Дождь на улице усиливался, с потолка текло. Подставленное корыто было уже полно, вода дошла до краев, но, ни Рейзл, ни Шмая этого не видели.

…Где-то далеко на горизонте луч зари осветил тучи, когда Рейзл поднялась с постели и, избегая взгляда Шмаи, пошла к двери. Щеки у нее пылали. Шмая смотрел на ее гибкую, сильную фигуру, и Рейзл казалась ему красивее, чем всегда. Она накинула на плечи шаль, посмотрела в окошко, нет ли кого на улице.

– Почему ты так рано уходишь, родная?

– Как это… Ведь люди уже скоро…

– Ну и что, если люди? – Он вскочил и обнял ее. – Что, если люди? Украли мы что-нибудь?

– Ведь они обо мне бог знает что говорить станут…

– Ничего они не скажут, Рейзл… Ты теперь моя жена, так и говори всем, Рейзл… Ты моя жена!

Лицо у нее просияло. Она вырвалась из его сильных рук и уже на пороге проговорила:

– Пойду приготовлю поесть. А ты придешь ко мне попозже, позавтракаем вместе. Слышишь, родной?

Теперь Рейзл хотелось, чтобы кто-нибудь попался ей навстречу и увидел, как она счастлива.
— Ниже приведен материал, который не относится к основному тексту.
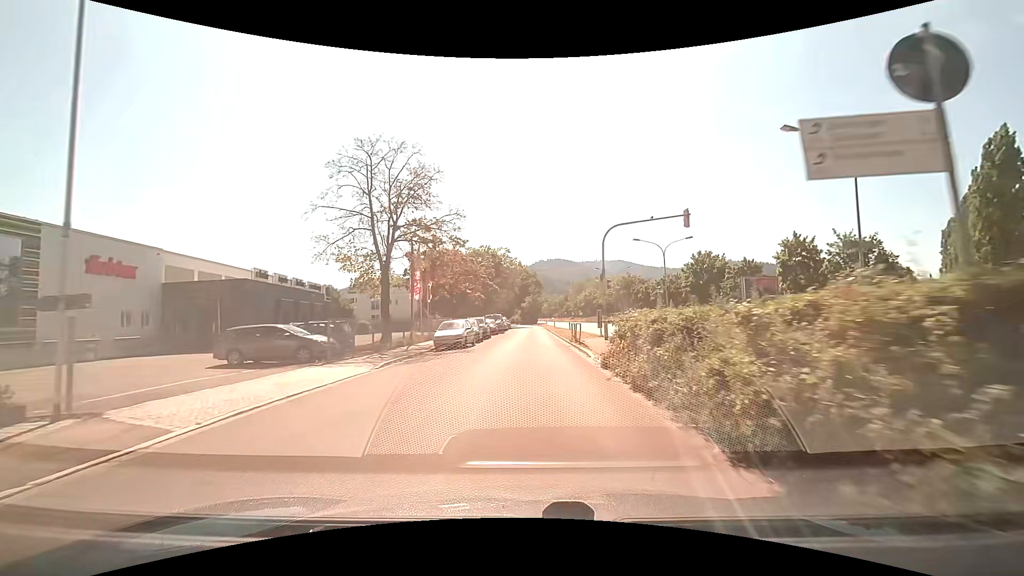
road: unclassified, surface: asphalt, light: Day
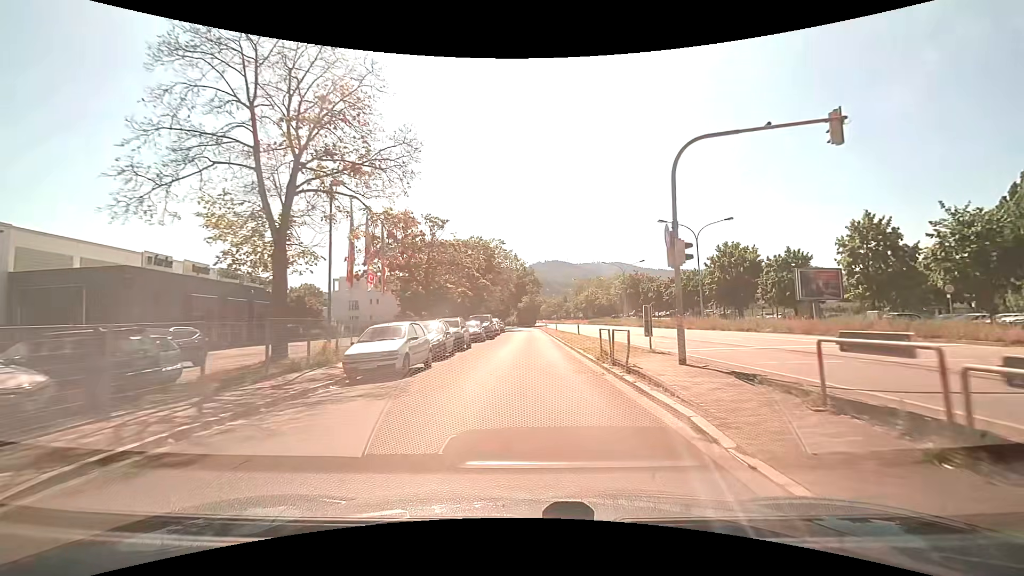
(0.0, +11.9) m; 0°
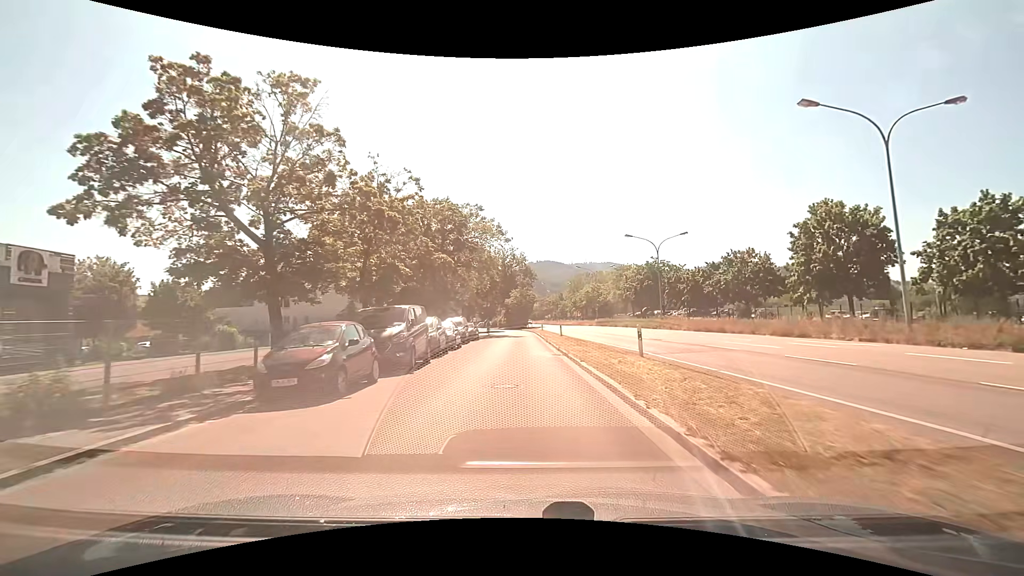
(+0.3, +24.8) m; +1°
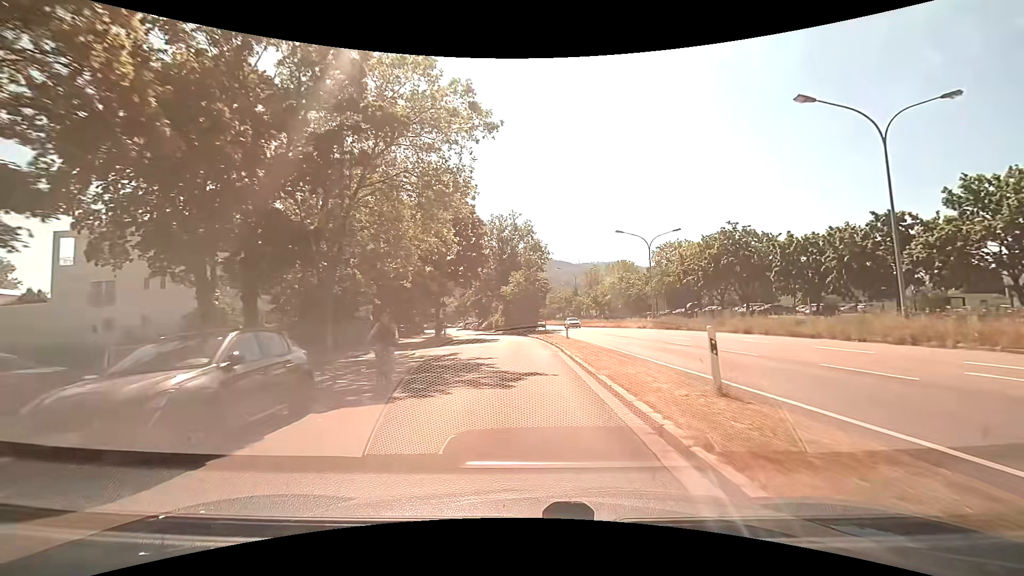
(-0.4, +32.3) m; -1°
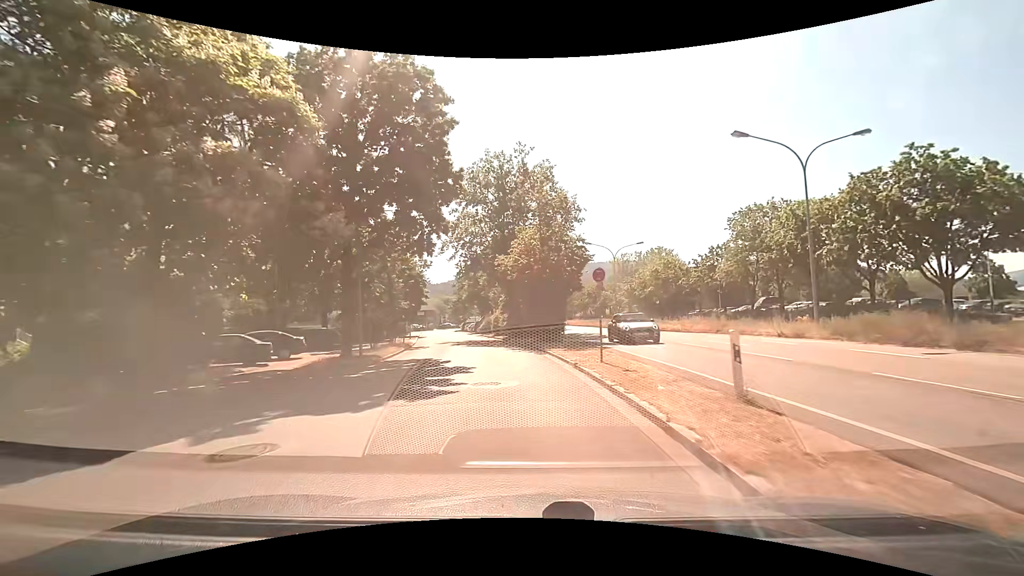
(-0.3, +25.9) m; -2°
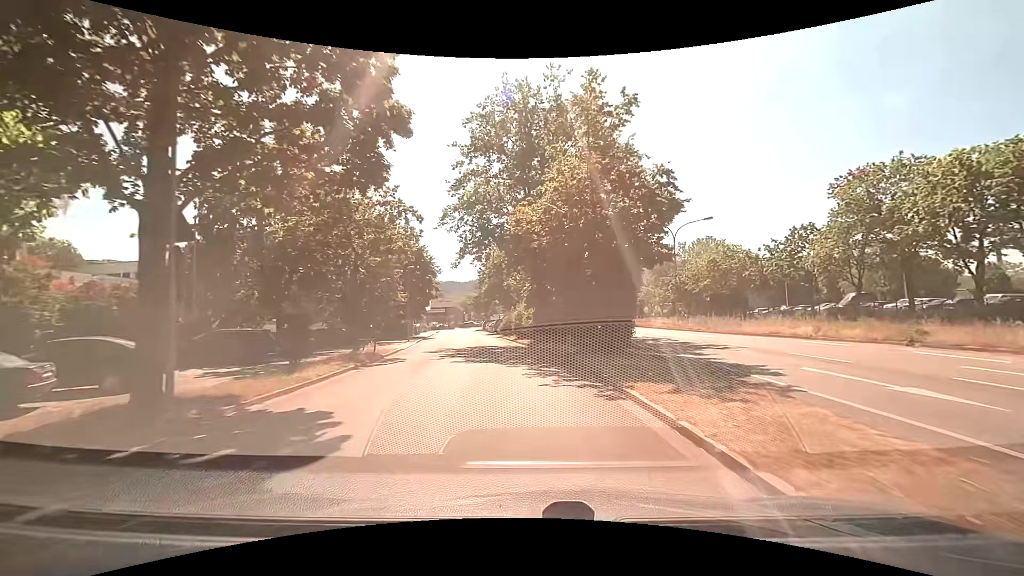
(-0.3, +12.6) m; -3°
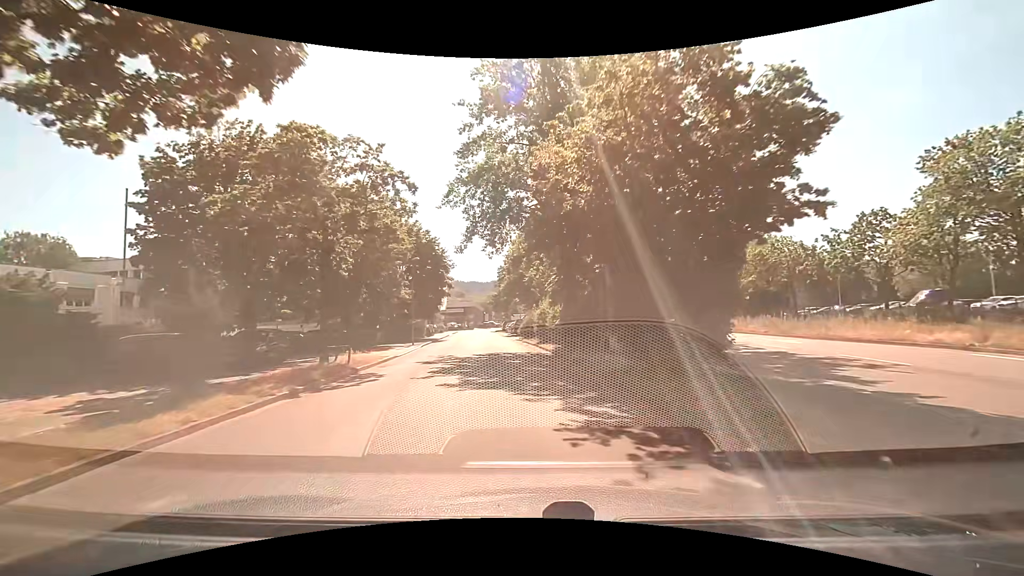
(-0.2, +6.2) m; -4°
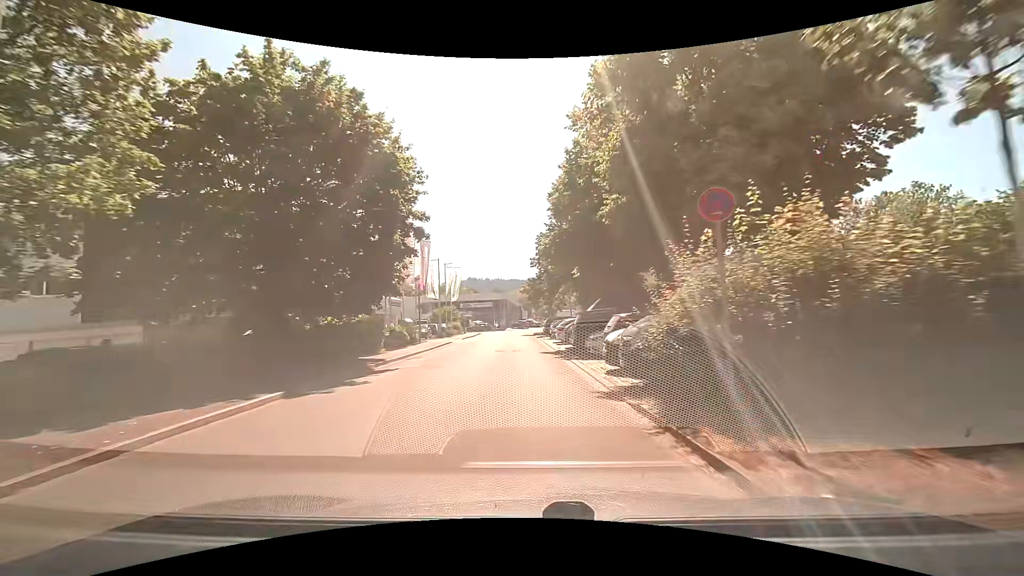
(-1.3, +30.6) m; -4°

Но улица была пустынна, и только из большого дома, где Хацкель справлял свое торжество, доносились пьяные голоса.

Один только Шмая стоял на пороге и провожал сияющими глазами удалявшуюся женщину, которая принесла ему свое сердце, свою жизнь, свою любовь. Шмая и не заметил, как он стал что-то напевать. Он быстро умылся, достал из солдатского мешка единственную свою новую сорочку, надел пиджак и фуражку, – надо было приодеться по-праздничному и идти к Рейзл. в его новый дом.


ШЛИ РЕБЯТА К ПЕРЕКОПУ

Жили тревожно. Банды батька Махно орудовали в этих краях, изредка вихрем налетая на села и колонии. За Каховкой шли ещё жестокие бои с белыми полчищами барона Врангеля. Люди напряженно следили за ходом последней битвы с белыми.

Шмая чинил людям крыши, строил дома, плотничал. Раны стали заживать, можно снова браться за винтовку. Правда, жаль было оставлять жену. К тому же она готовилась стать матерью. Но что поделаешь, у всех есть жены, которые готовятся стать матерями, а защищать родину – это ведь для солдата первый закон.
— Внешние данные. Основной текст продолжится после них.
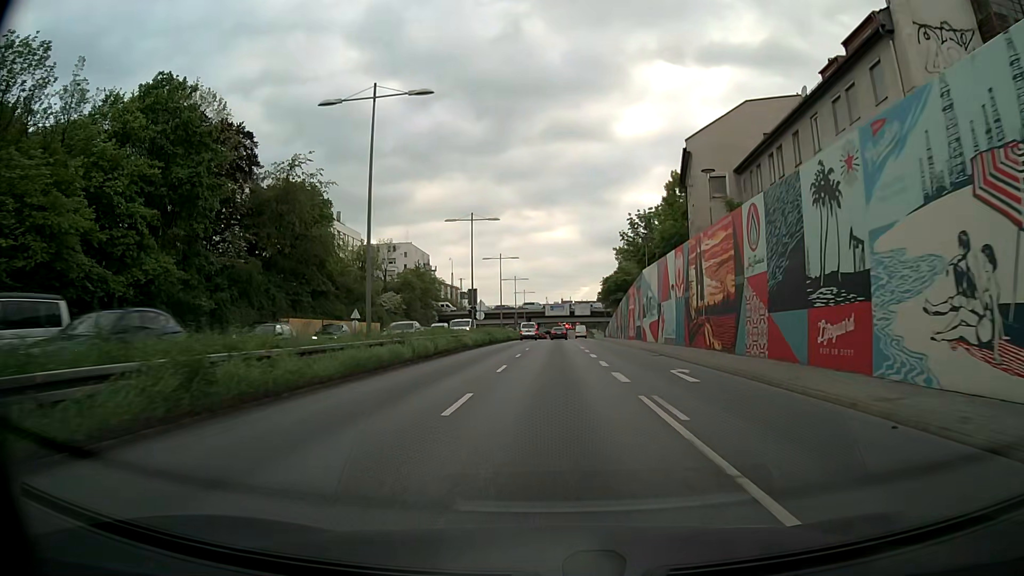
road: trunk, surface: asphalt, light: Day
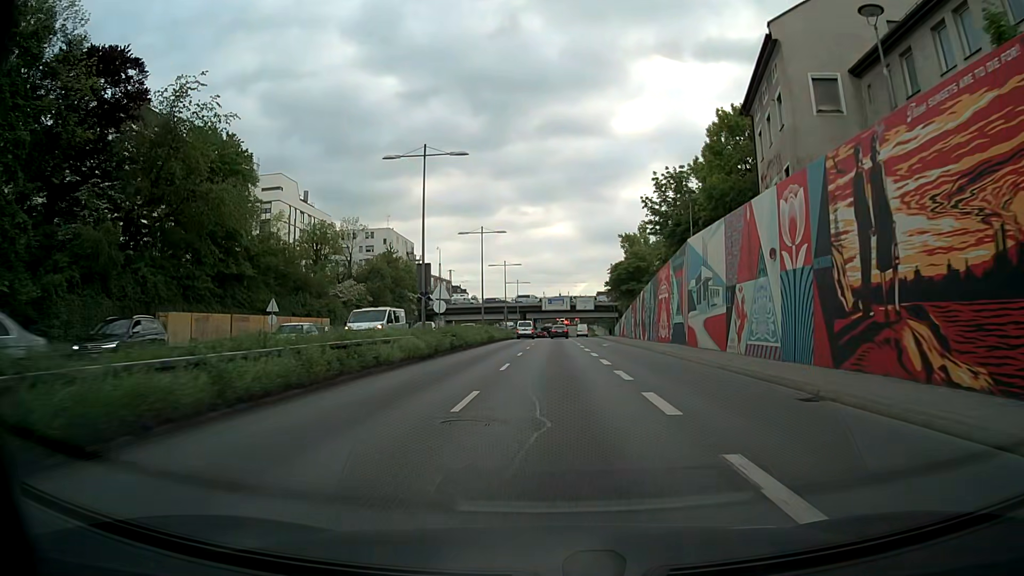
(+0.1, +17.8) m; +1°
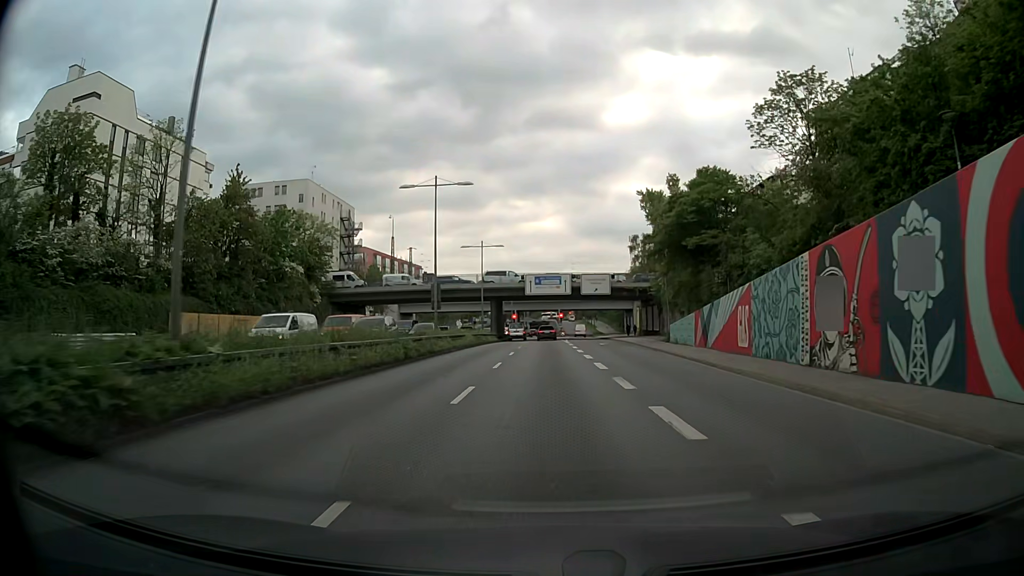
(+0.2, +44.3) m; +1°
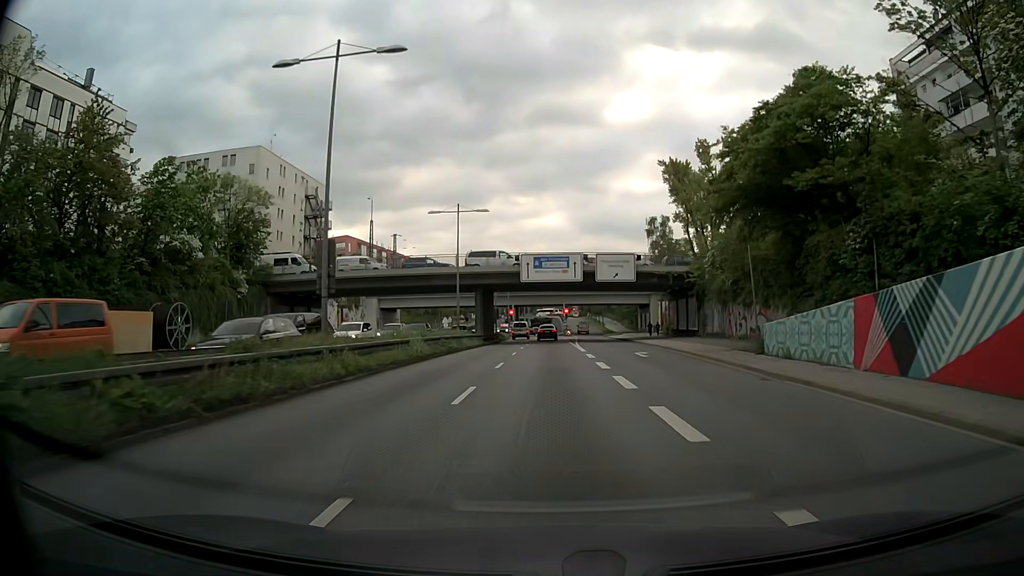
(-0.1, +18.1) m; 0°
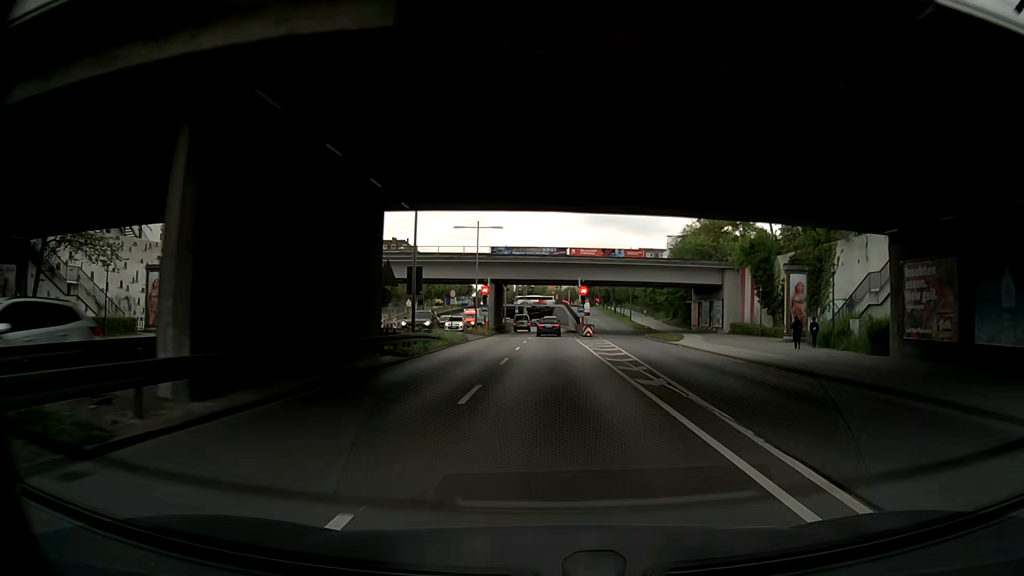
(-0.1, +46.4) m; 0°
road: trunk_link
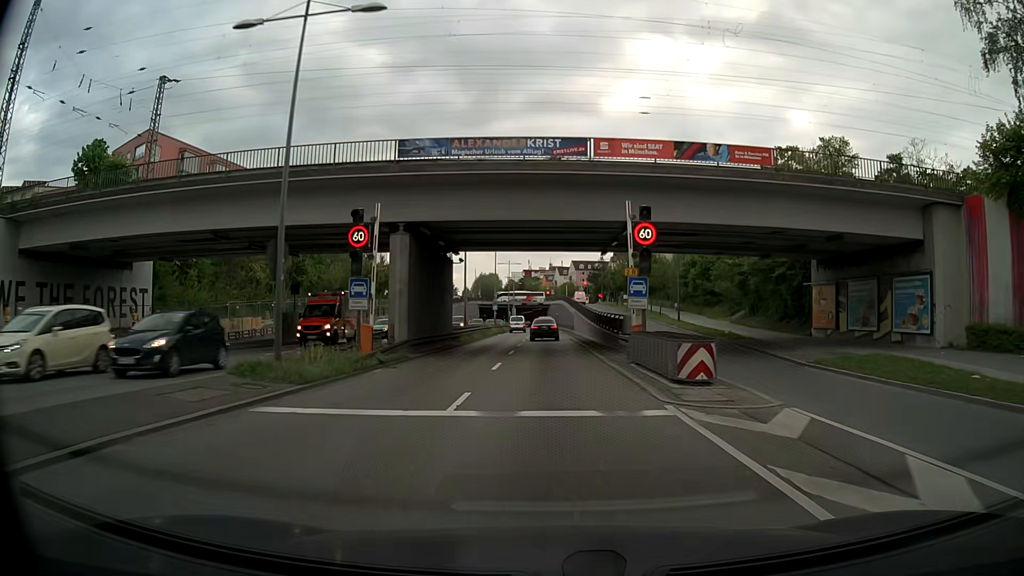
(-0.4, +38.6) m; +1°
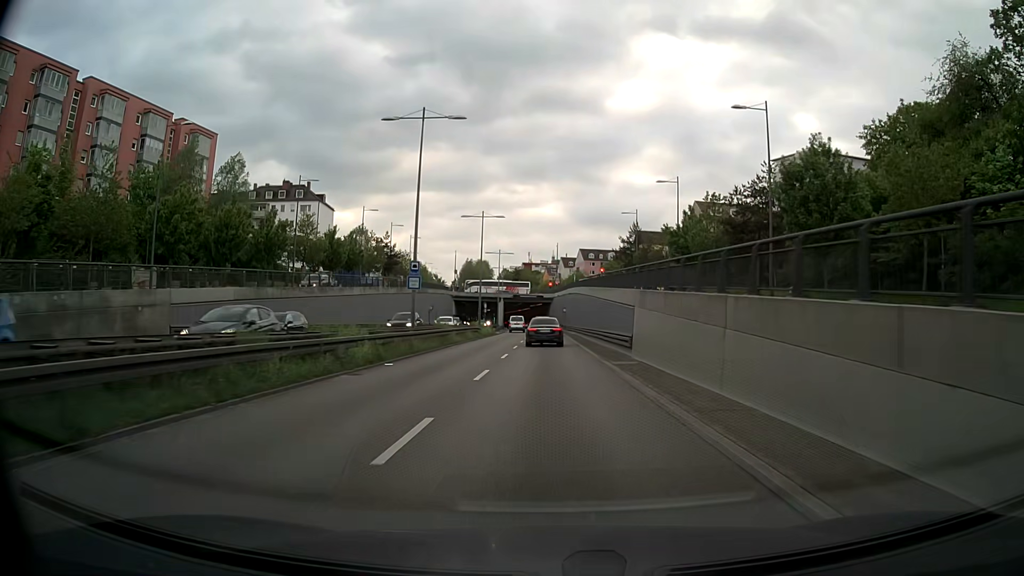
(-0.3, +48.5) m; 0°
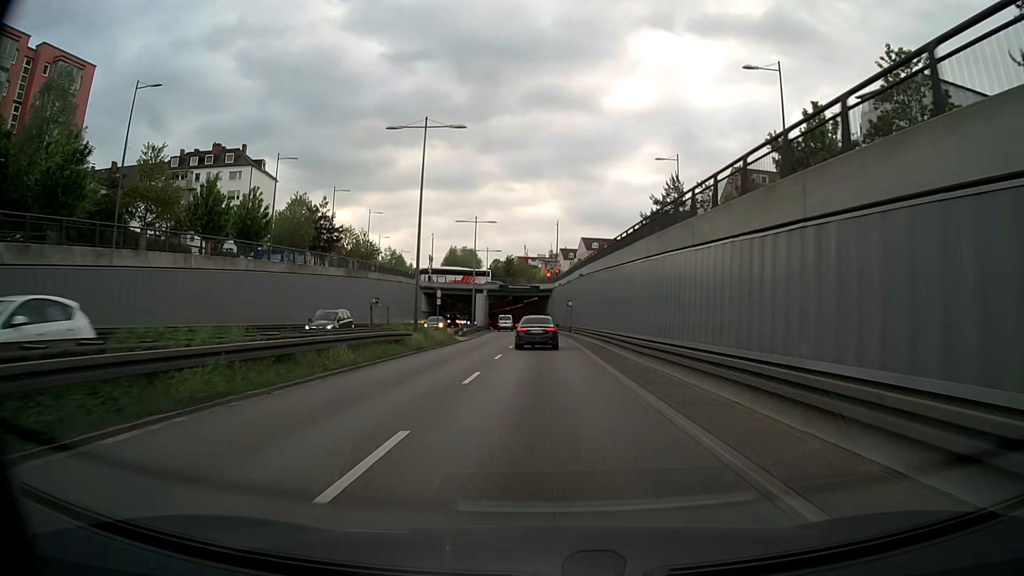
(0.0, +28.1) m; 0°
(0, +10) (0, +20) (0, +30) (0, +40) (0, +50) (0, +60) (-1, +70) (-1, +80) (-2, +90) (-3, +100) m

В одно осеннее утро на далеком тракте послышалась солдатская песня с присвистом.

Шмая вышел на улицу и увидал, что из соседних колоний тянутся телеги, груженные хлебом и картошкой, длинные арбы с сеном. Молодые парни на откормленных лошадях остановились на площади, возле сельсовета. Со всех сторон повалил народ. Стар и млад – все сбежались взглянуть на ранних гостей и узнать, что случилось и куда эти люди держат путь.

Прислонившись к одному из возов, стоял стройный крепкий молодой человек лет двадцати пяти. Он был в казацкой кубанке. На плечах – голубой кавалерийский френч, и на длинном ремне – наган.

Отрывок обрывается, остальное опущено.